We need to have noise before we see or extract out the signal. Doesn’t noise help us differentiate the signal? If noise was a necessary evil, why all the effort on reducing it? Since entropy is the driver for both noise and signal, embracing noise and fluctuation becomes an essential for any natural (intelligent) system.

Complexity and geometry

Naturality, commonality brings us to Herbert Simon’s complexity. How complexity was intrinsically simple and hierarchical. It was not just Simon, but even Thomas Hobbes who held that geometry was the branch of knowledge that best approximates the reasoning that should form the basis of a true philosophy; intelligent systems being one of them. Thomas Bacon also insisted on reaching to forms, while observing nature.

Counter Intuitive Systems

So now that we have a case for NS to be intelligent, how could we show that it could be smart enough to reduce entropy in an ecosystem of reducing entropy? Though the Princeton – UChicago event team members were supposed to change places (increase entropy) to mingle well with the guests, the debate had become too engaging to leave. We had to accommodate another chair (reduced entropy), to conclude and reach some kind of quantum conclusion (entropy flash).

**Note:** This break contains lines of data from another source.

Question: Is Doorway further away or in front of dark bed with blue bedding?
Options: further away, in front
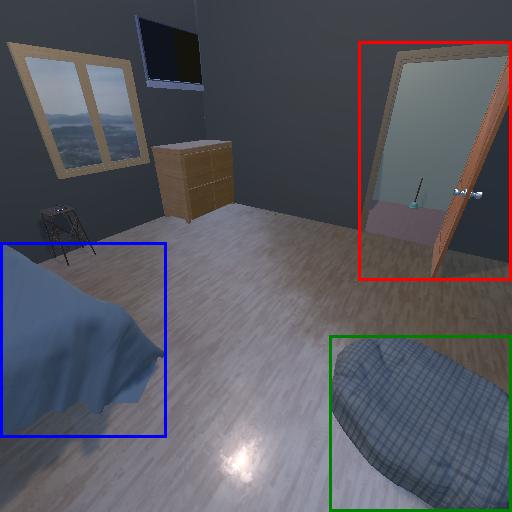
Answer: further away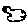
Label: fish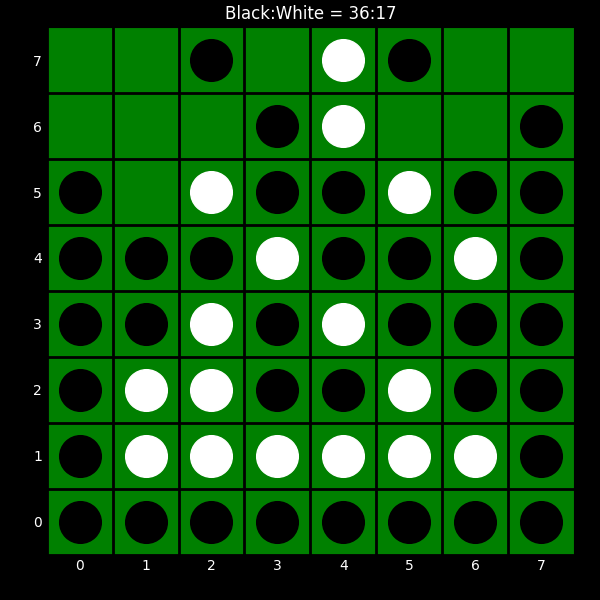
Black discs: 36
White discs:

And then it hit me, was Galton’s mean reversion, not an entropy reducing system, it allowed for divergence and convergence, a classic case for expansion (increase) in entropy and reduction (decrease) in entropy. The only reason it was prone to failure was because Praetorian extremities were making sure the divergences were strong enough to make the convergences meaningful. Mixing Pareto with Galton simplified the working of all natural systems, allowing for divergence and convergence; intuition and counter-intuition; momentum and reversion; expansion and reduction in entropy; fluctuations and seasonality in the same framework; a geometrical foundation for intelligence.